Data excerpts

[Start of Attachment]

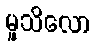
မူသိလော
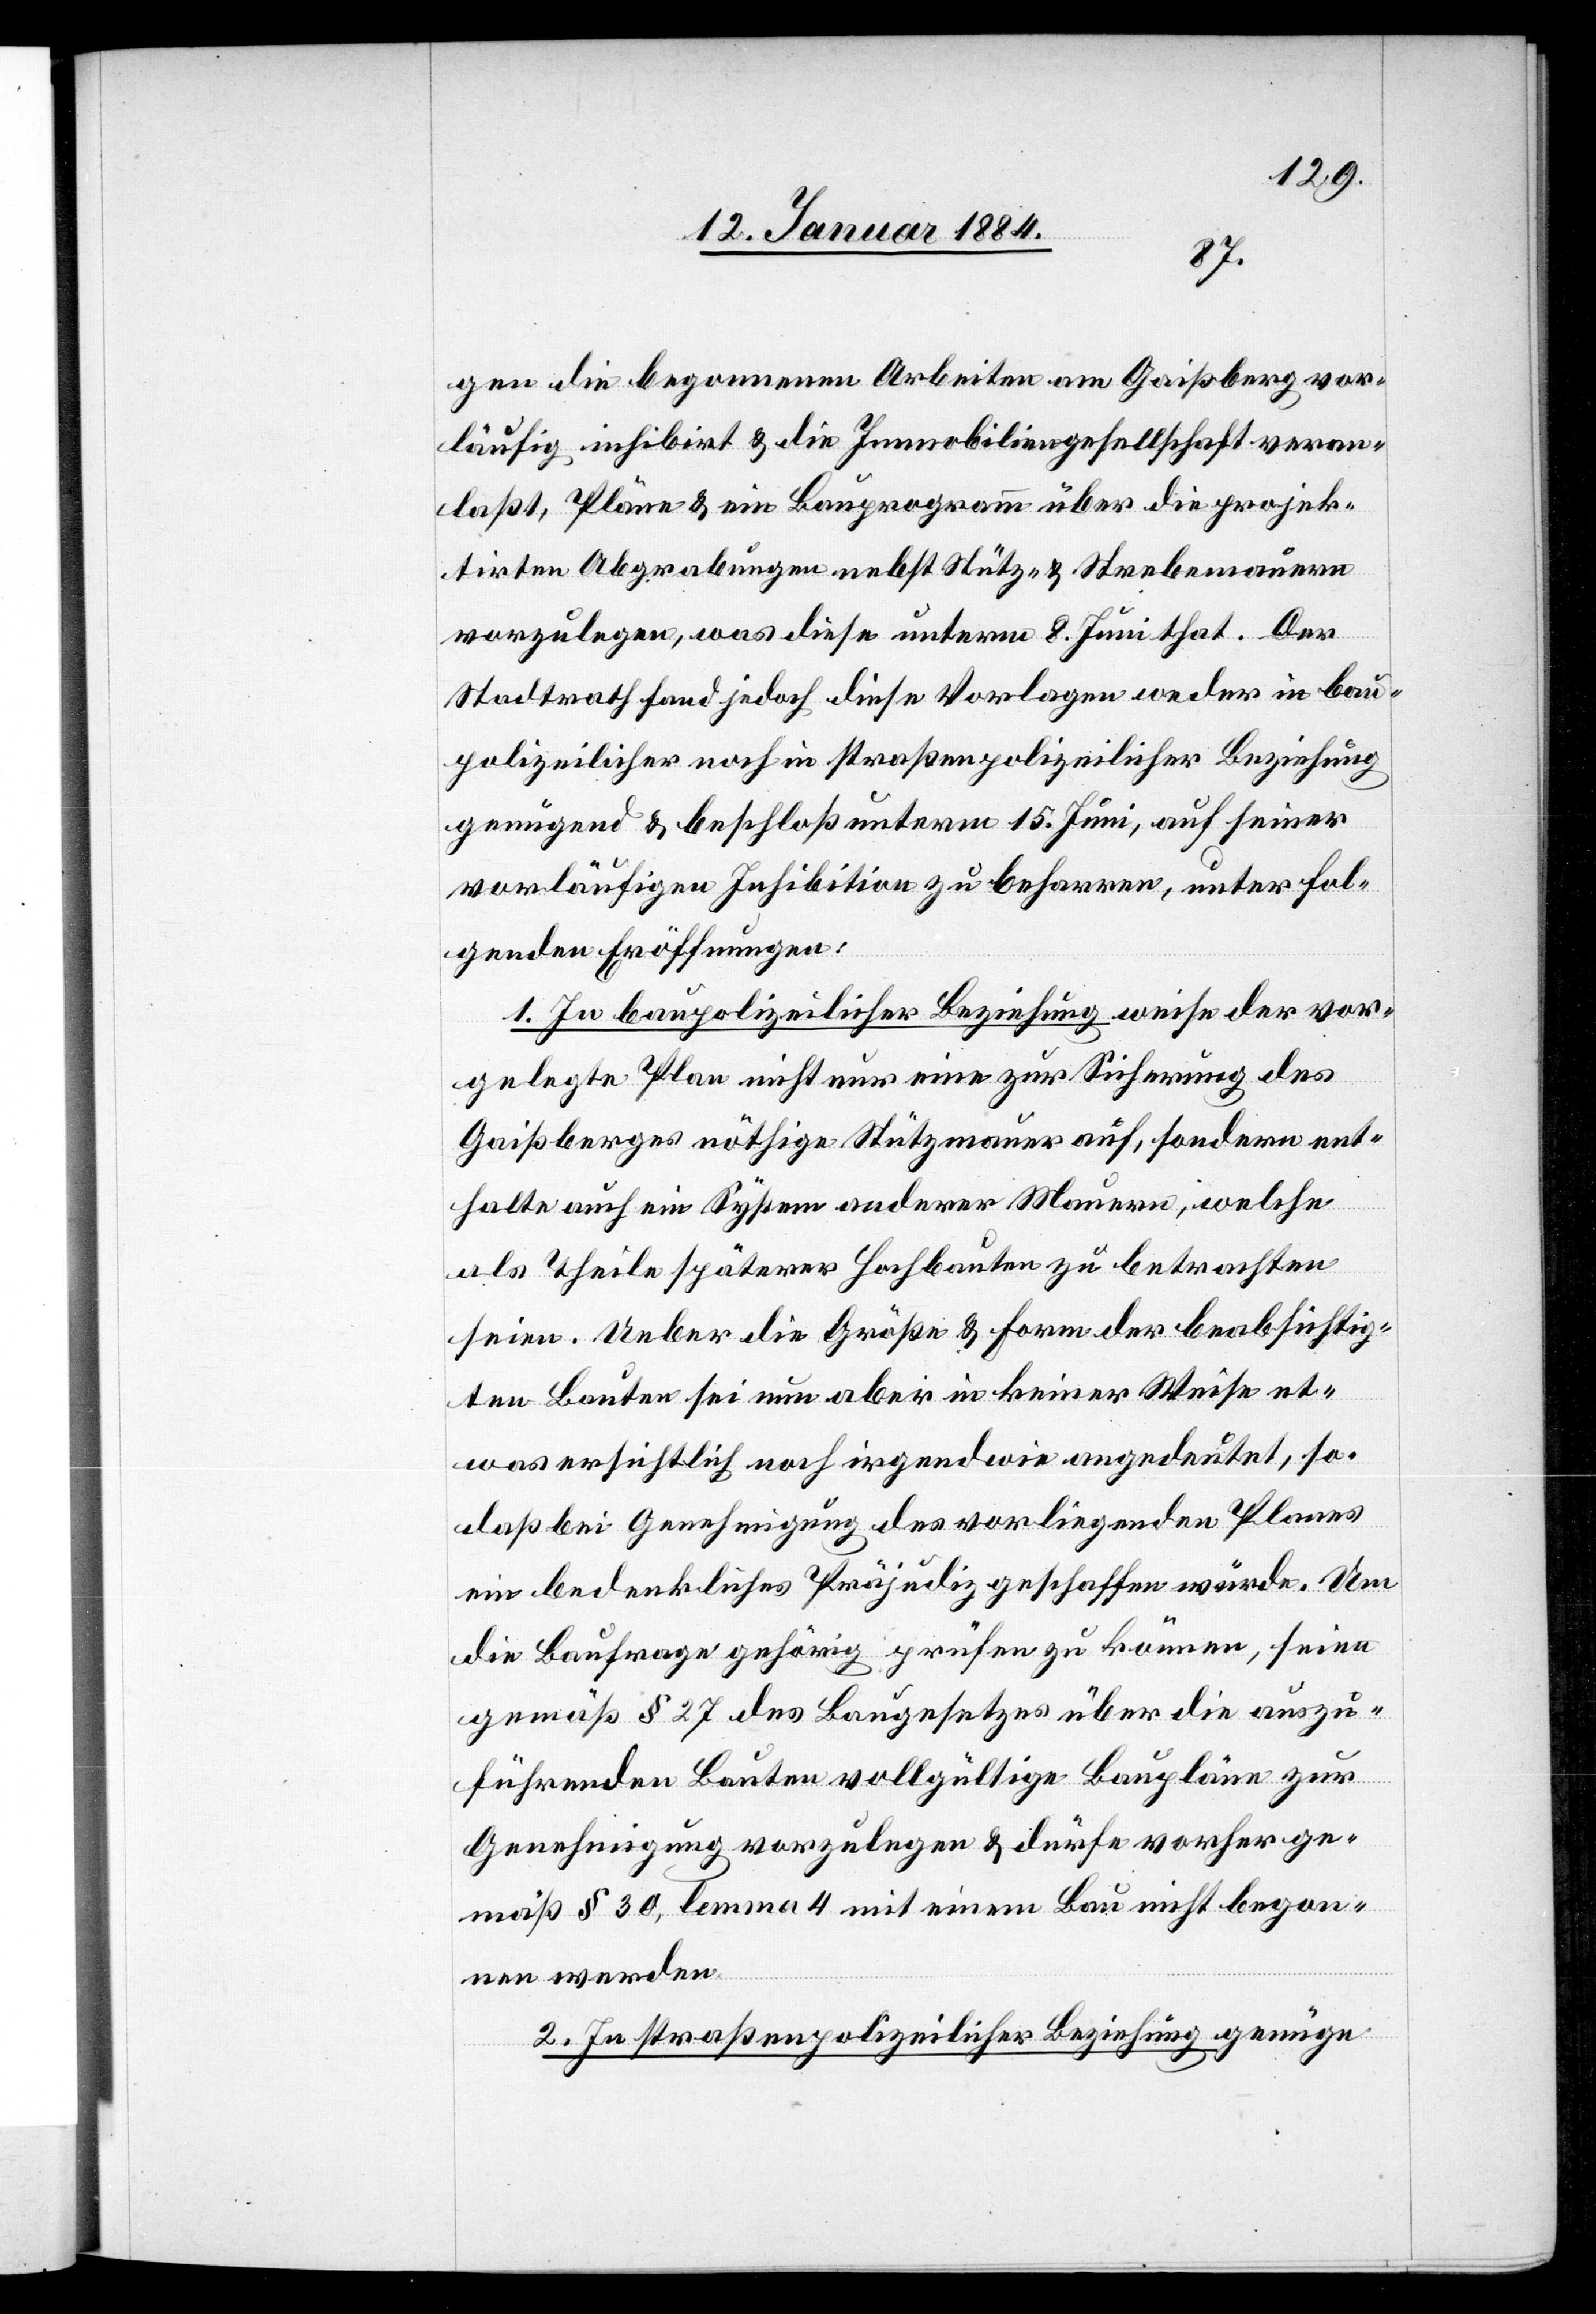
gen die begonnenen Arbeiten am Gaißberg vor¬
läufig inhibirt & die Immobiliengesellschaft veran¬
laßt, Pläne & ein Bauprogramm über die projek¬
tirten Abgrabungen nebst Stütz- & Strebenraum
vorzulegen, was diese unterm 8. Juni that. Der
Stadtrath fand jedoch diese Vorlagen weder in bau¬
polizeilicher noch in straßenpolizeilicher Beziehung
genügend & beschloß unterm 15. Juni, auf seiner
vorläufigen Inhibition zu beharren, unter fol¬
genden Eröffnungen:
1. In baupolizeilicher Beziehung weise der vor¬
gelegte Plan nicht nur eine zur Sicherung des
Gaißberges nöthige Stützmauer auf, sondern ent¬
halte auch ein System anderer Mauern, welche
als Theile späterer Hochbauten zu betrachten
seien. Weder die Größe & Form der beabsichtig¬
ten Bauten sei nun aber in keiner Weise et¬
was ersichtlich noch irgendwie angedeutet, so¬
daß bei Genehmigung des vorliegenden Planes
ein bedenkliches Präjudiz geschaffen würde. Um
die Baufrage gehörig prüfen zu können, seien
gemäß § 28 des Baugesetzes über die auszu¬
führenden Bauten vollgültige Baupläne zur
Genehmigung vorzulegen & dürfe vorher ge¬
mäß § 30, lemma 4 mit einem Bau nicht begon¬
nen werden.
2. In straßenbaupolizeilicher Beziehung genüge

[End of Attachment]

What needs to be done
Working from the entries above, find every line in which the word "Juni" occurs and copy it.

The answer
vorzulegen, was diese unterm 8. Juni that. Der
genügend & beschloß unterm 15. Juni, auf seiner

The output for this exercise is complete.